• [What this task involves] Please reproduce the records exactly, leaving out any pictures.

*** Block opens ***

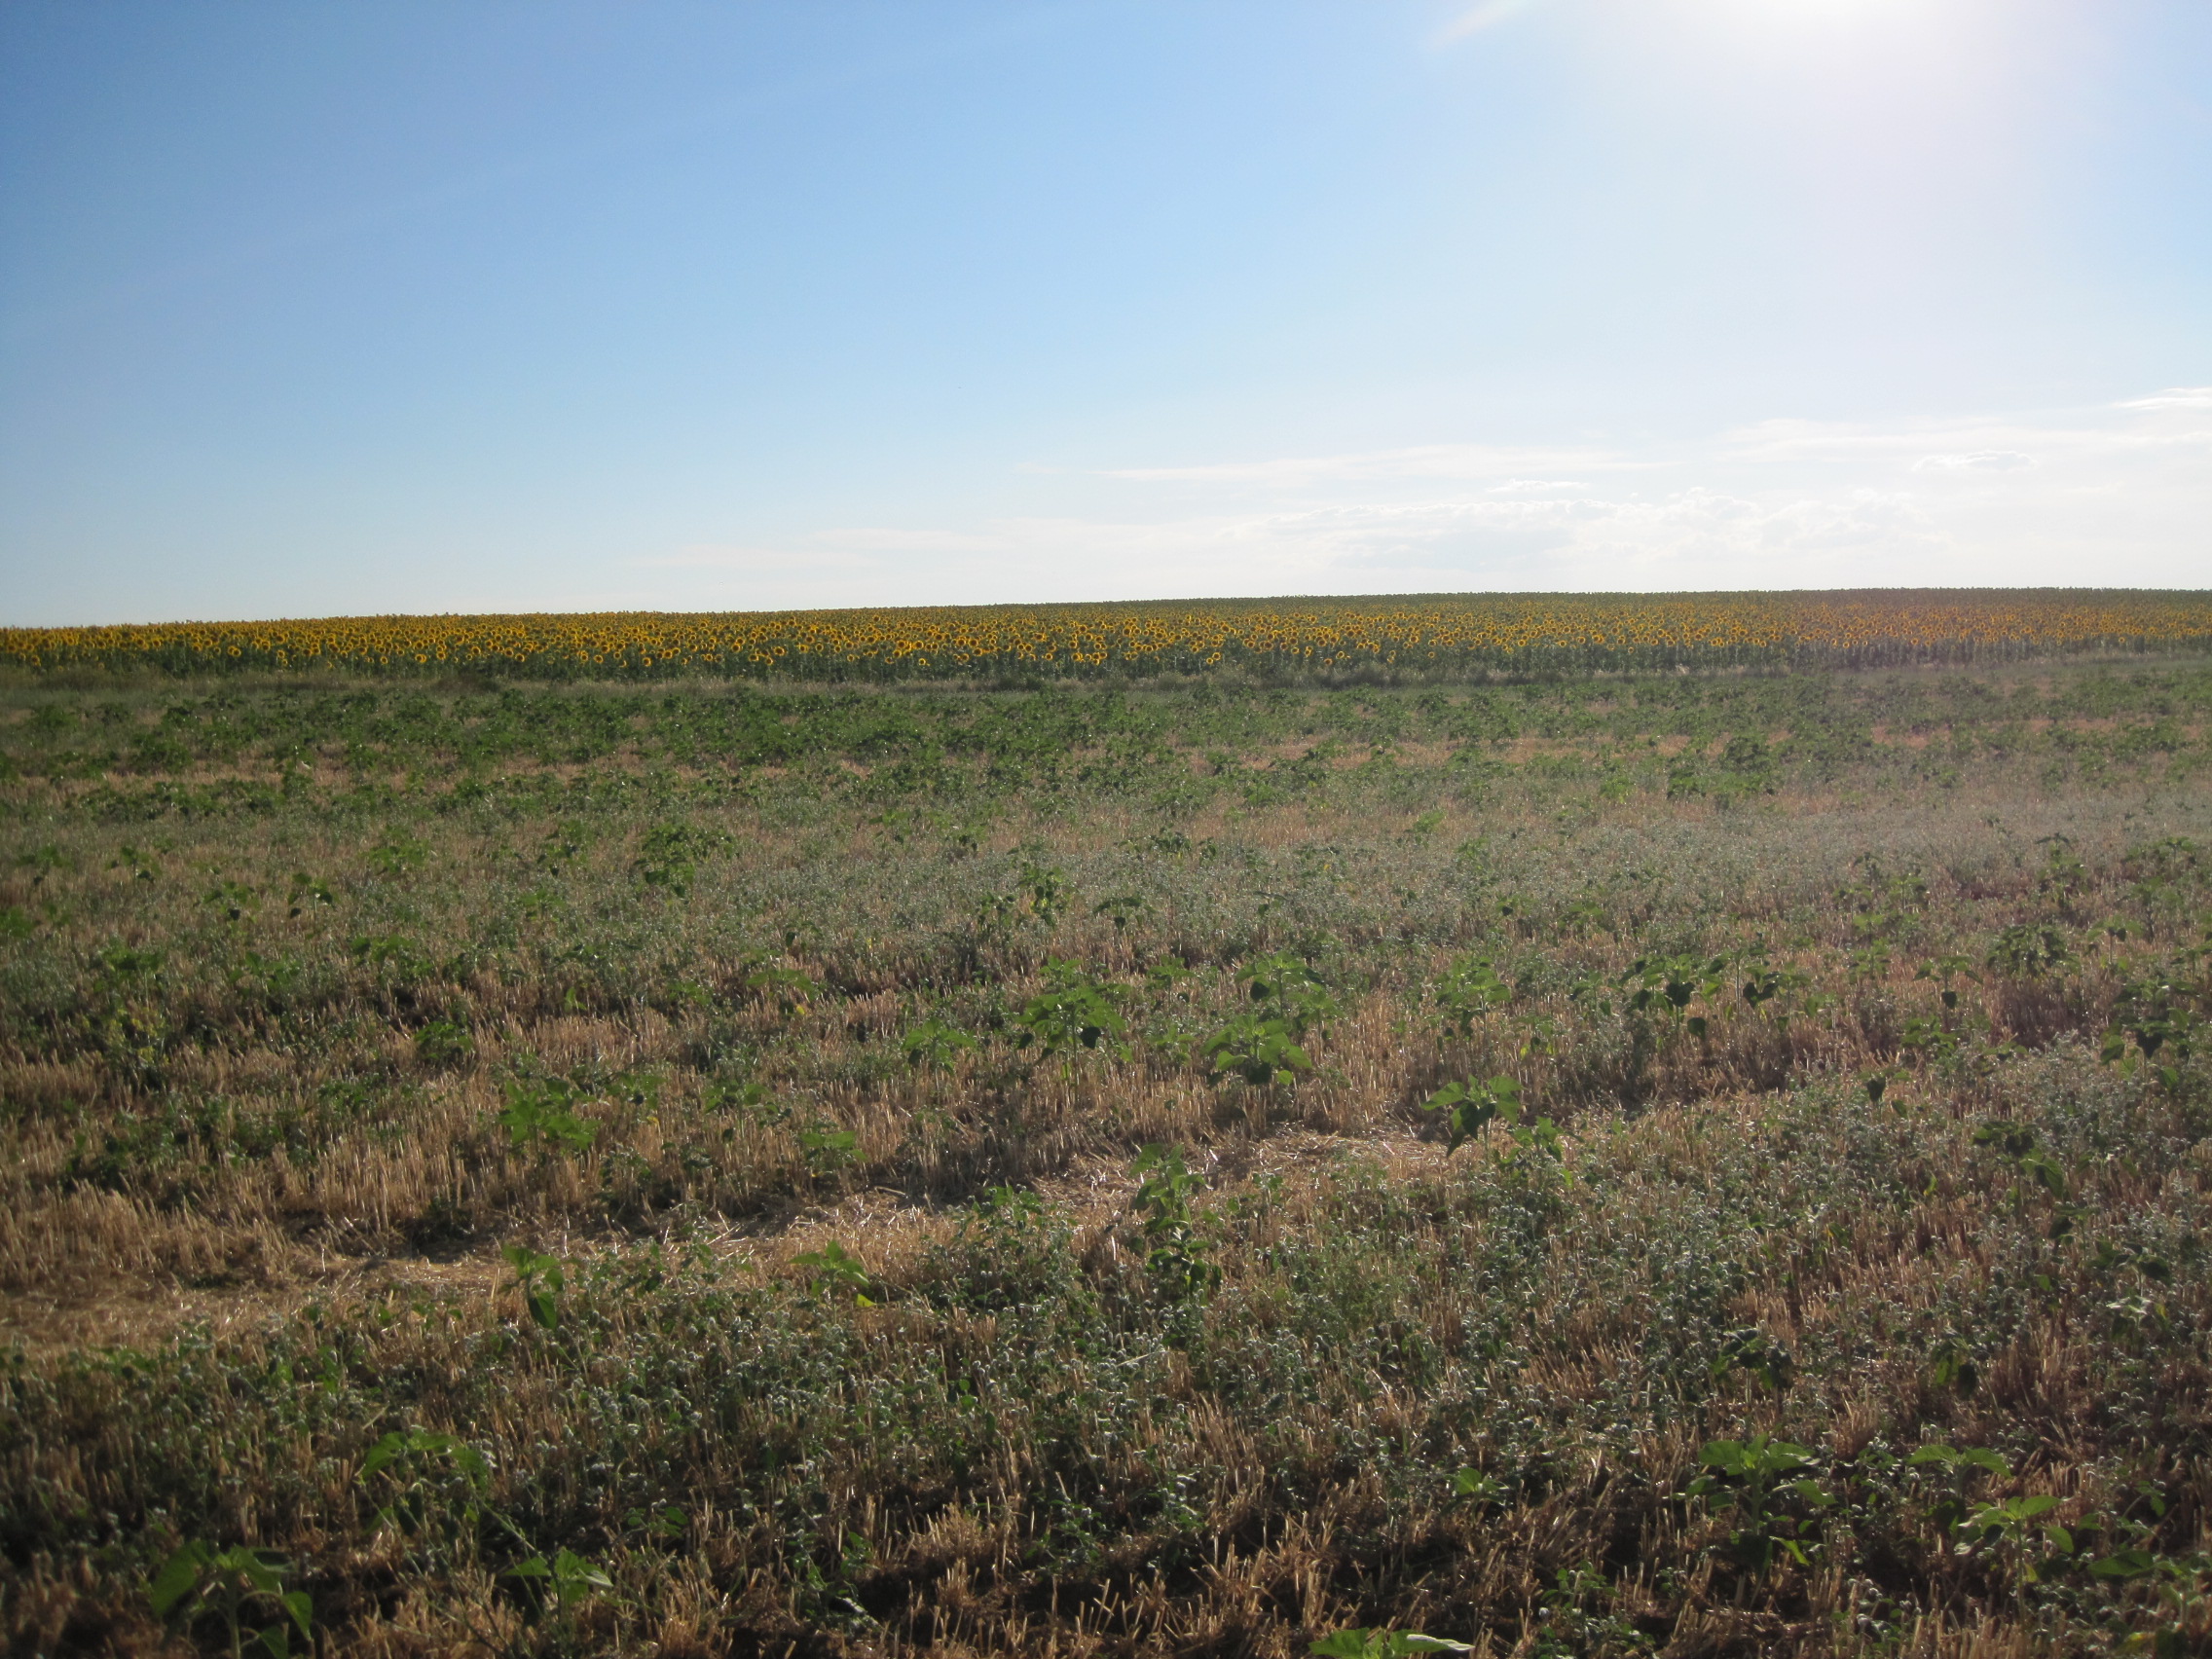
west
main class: Cropland
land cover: Barley
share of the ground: < 10 %
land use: Agriculture (excluding fallow land and kitchen gardens)
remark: Harvested field
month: July
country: ES
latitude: 42.1168
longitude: -5.2394

*** Block closes ***

• [Solution to the exercise]
west
main class: Cropland
land cover: Barley
share of the ground: < 10 %
land use: Agriculture (excluding fallow land and kitchen gardens)
remark: Harvested field
month: July
country: ES
latitude: 42.1168
longitude: -5.2394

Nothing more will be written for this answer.